### [TASK OBJECTIVE]
Only the pictures should be dropped; copy the rest of the entries exactly.

Collected data
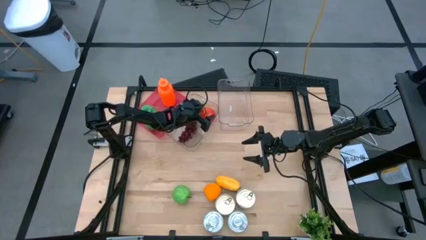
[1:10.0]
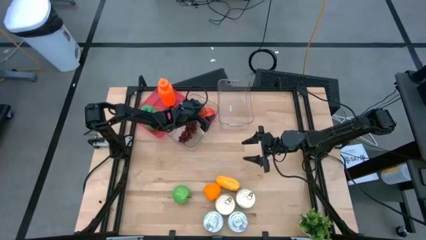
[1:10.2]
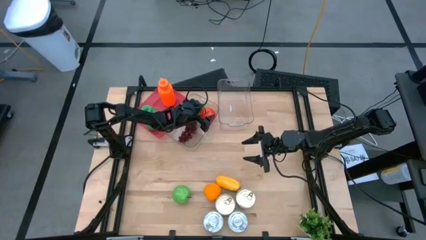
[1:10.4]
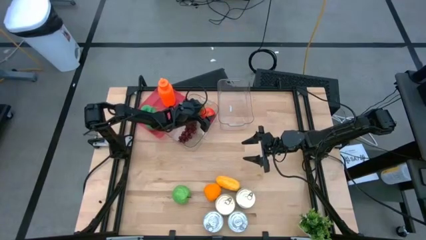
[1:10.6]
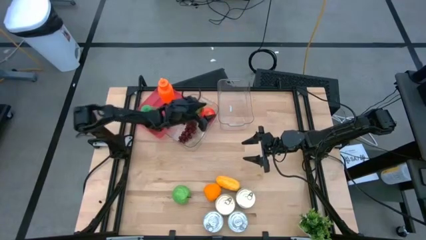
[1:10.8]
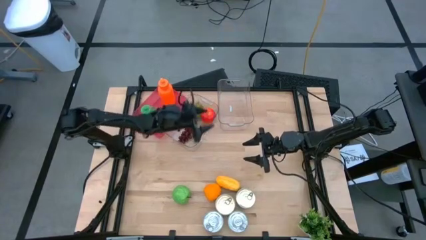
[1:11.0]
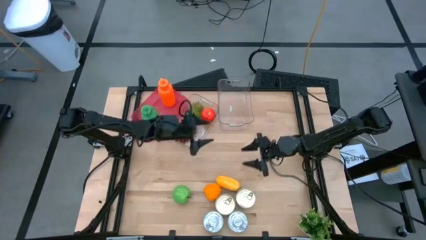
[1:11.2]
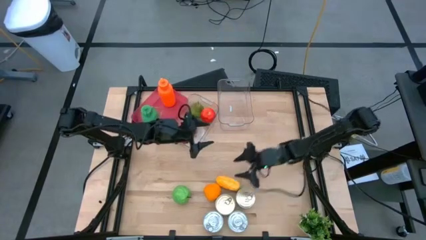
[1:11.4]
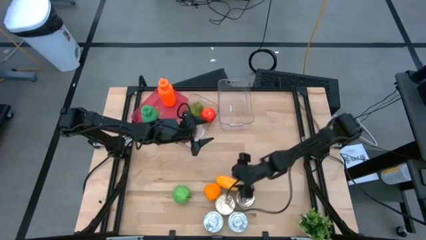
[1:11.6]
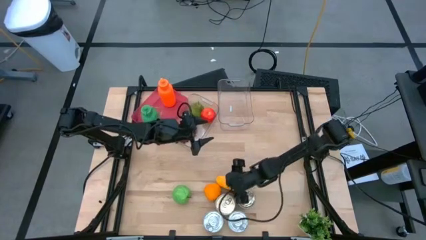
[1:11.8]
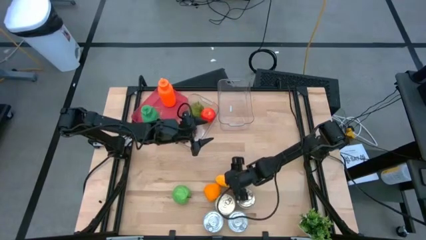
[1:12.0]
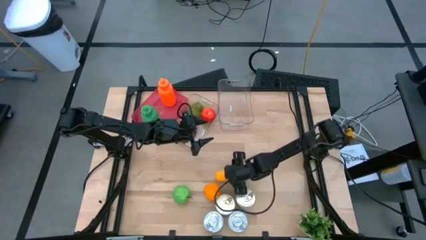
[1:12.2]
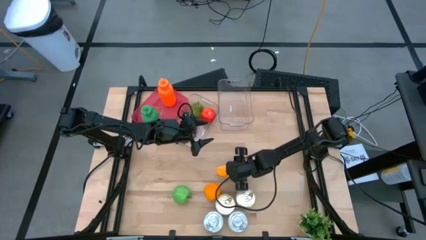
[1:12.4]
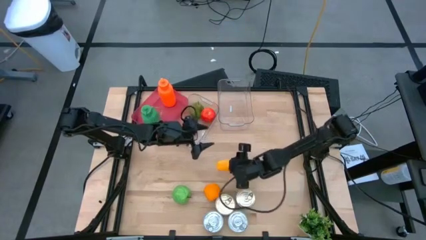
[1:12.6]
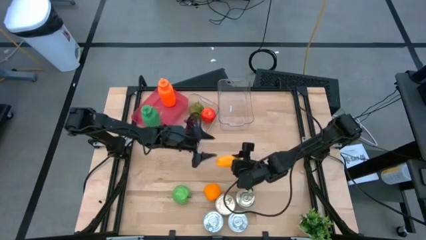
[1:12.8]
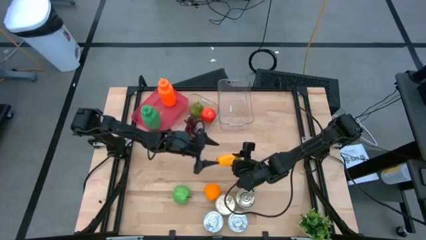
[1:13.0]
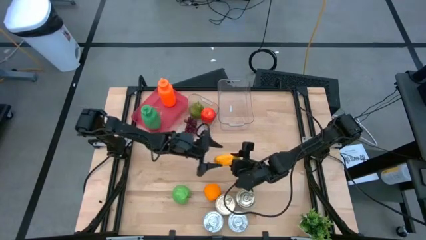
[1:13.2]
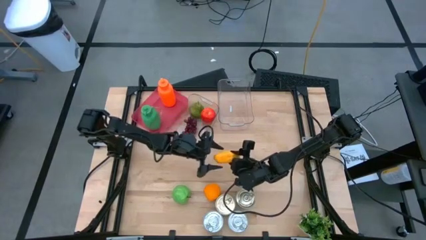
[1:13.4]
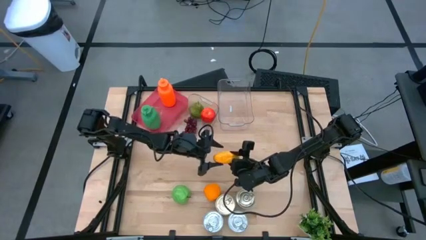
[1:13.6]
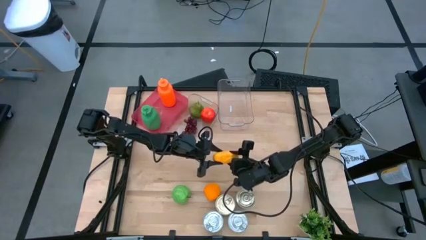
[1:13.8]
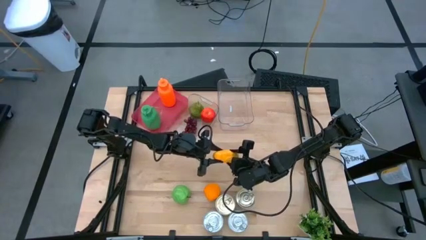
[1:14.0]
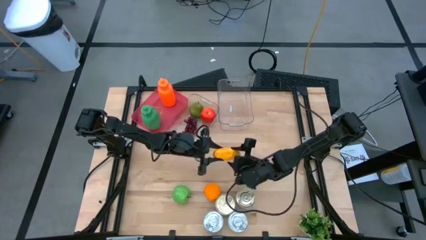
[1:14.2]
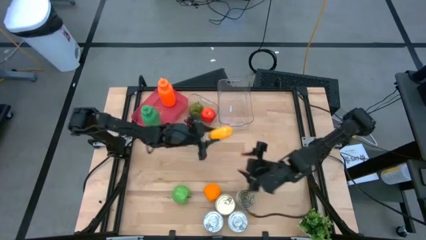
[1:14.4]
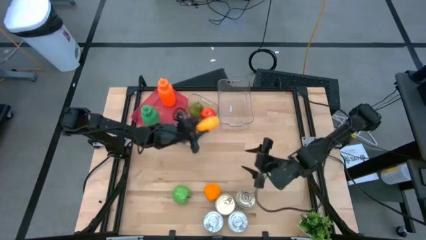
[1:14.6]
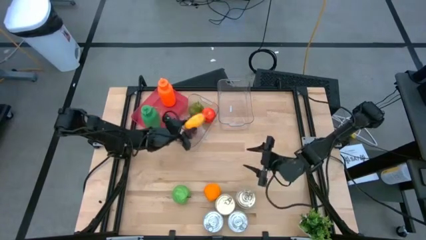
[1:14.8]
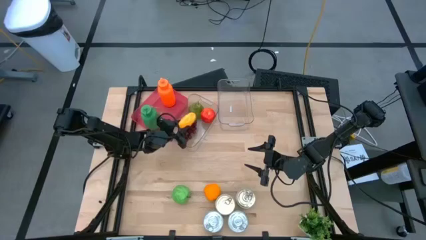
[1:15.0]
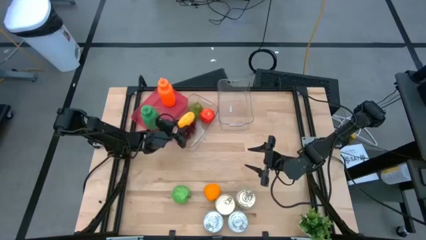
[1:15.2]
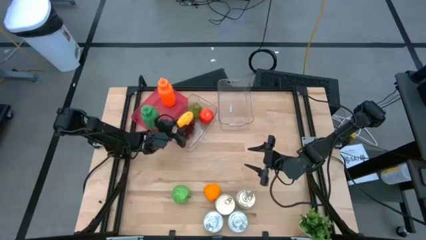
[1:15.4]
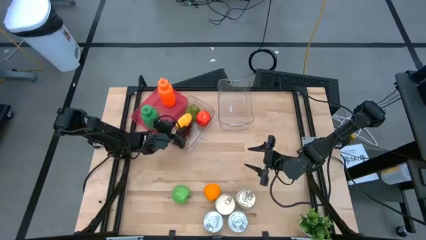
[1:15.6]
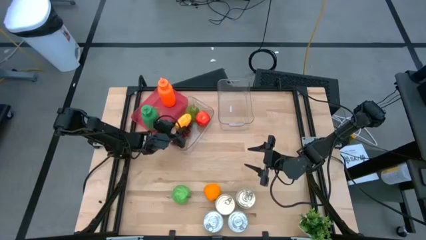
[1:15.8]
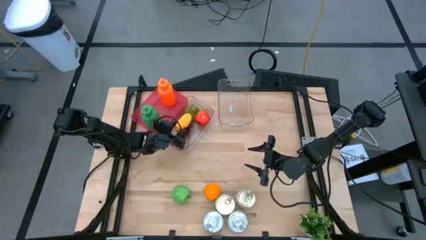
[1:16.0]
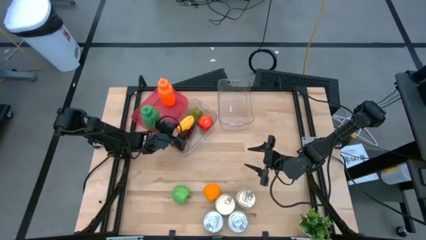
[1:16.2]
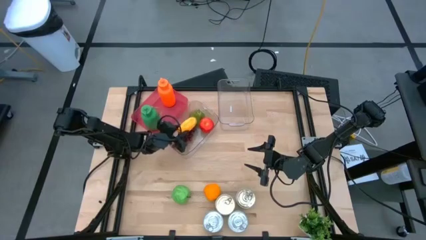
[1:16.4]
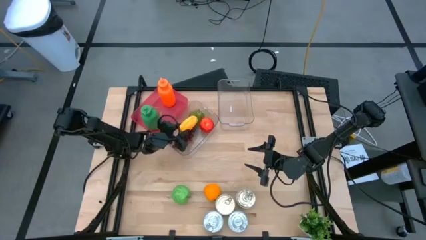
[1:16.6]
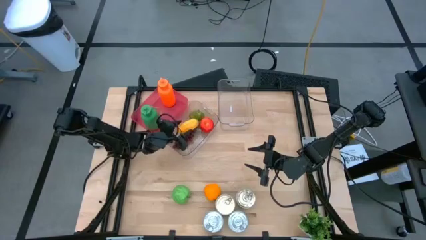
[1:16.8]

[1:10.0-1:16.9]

### [TASK SOLUTION]
[1:10.0]
[1:10.2]
[1:10.4]
[1:10.6]
[1:10.8]
[1:11.0]
[1:11.2]
[1:11.4]
[1:11.6]
[1:11.8]
[1:12.0]
[1:12.2]
[1:12.4]
[1:12.6]
[1:12.8]
[1:13.0]
[1:13.2]
[1:13.4]
[1:13.6]
[1:13.8]
[1:14.0]
[1:14.2]
[1:14.4]
[1:14.6]
[1:14.8]
[1:15.0]
[1:15.2]
[1:15.4]
[1:15.6]
[1:15.8]
[1:16.0]
[1:16.2]
[1:16.4]
[1:16.6]
[1:16.8]

[1:10.0-1:16.9]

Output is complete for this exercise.